The proposed legislation categorises FPIs into low risk, moderate risk and high risk. Low risk would cover government and government-related entities such as central banks or sovereign wealth funds where the facts about ownership, economic and control interest can be deciphered from the government ownership. Moderate risk refers to pension funds or public retail funds with widespread and dispersed investors. They would be categorised only if designated depository participants can independently validate and confirm the status of such FPIs as pension funds and public retail funds with a wide and diverse investor base.
All other FPIs are categorised as high-risk.
What are the proposals?
High-risk FPIs holding more than 50% of their equity asset under management (AUM) in a single corporate group would have to make additional disclosures. However, new FPIs that have just begun investments would be allowed to breach the threshold criteria up to a period of six months, following which, they too would have to make the disclosures.

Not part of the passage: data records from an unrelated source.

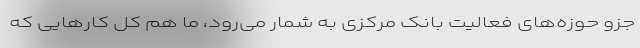
جزو حوزه‌های فعالیت بانک مرکزی به شمار می‌رود، ما هم کل کارهایی که
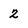
Character: 2
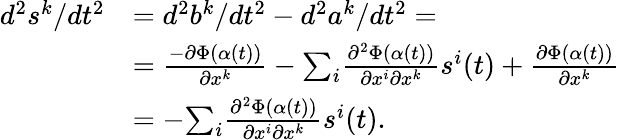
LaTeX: \begin{array}{rl}{d^{2}s^{k}/dt^{2}}&{=d^{2}b^{k}/dt^{2}-d^{2}a^{k}/dt^{2}=}\\ &{=\frac{-\partial\Phi(\alpha(t))}{\partial x^{k}}-{\textstyle\sum_{i}}\frac{\partial^{2}\Phi(\alpha(t))}{\partial x^{i}\partial x^{k}}s^{i}(t)+\frac{\partial\Phi(\alpha(t))}{\partial x^{k}}}\\ &{=-{\textstyle\sum_{i}}\frac{\partial^{2}\Phi(\alpha(t))}{\partial x^{i}\partial x^{k}}s^{i}(t).}\end{array}
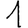
Digit: 1
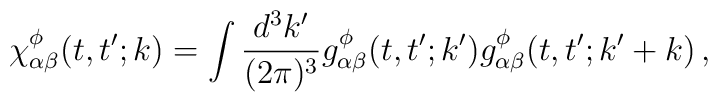
\chi^{\phi}_{\alpha\beta}(t,t';k)=\int\frac{d^3k'}{(2\pi)^3}g^{\phi}_{\alpha\beta}(t,t';k')g^{\phi}_{\alpha\beta}(t,t';k'+k)\,,
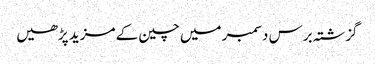
گزشتہ برس دسمبر میں چین کے مزید پڑھیں
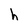
Character: h
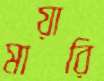
মায়ারি
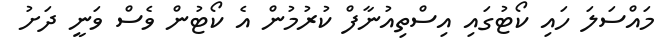
މައްސަލަ ހައި ކޯޓުގައި އިސްތިއުނާފް ކުރުމުން އެ ކޯޓުން ވެސް ވަނީ ދަށު
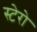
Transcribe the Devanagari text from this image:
स्टेरो
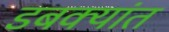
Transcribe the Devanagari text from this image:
डबक्यांत
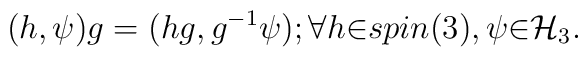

Further, existing ones in the process of winding down their investments in a single corporate group would be temporarily allowed to breach the criteria. This is provided they are able to wind down within six months.
On an ongoing basis, high-risk FPIs would have 10 days to scale down their concentration to move away from disclosure requirements.
Other than this, the paper also proposes that existing high-risk FPIs with an overall holding in the Indian equity market of over Rs 25,000 crore comply with the disclosure mandate within six months. Failing this, they would have to bring down their holding within the threshold. High-risk FPIs expecting to breach the threshold in future would only have three months to comply.
Further, FPIs whose India-oriented holdings are relatively small in comparison to their global portfolio may be classified as ‘moderate risk’ and not be subjected to additional disclosure requirements. These may include large index or exchange-traded funds and other funds tracing global indices of which India forms a part.
Failure to provide the above-mentioned granular disclosures wherever required would render the registration of the FPI invalid. Such FPIs would have to wind down operations within six months.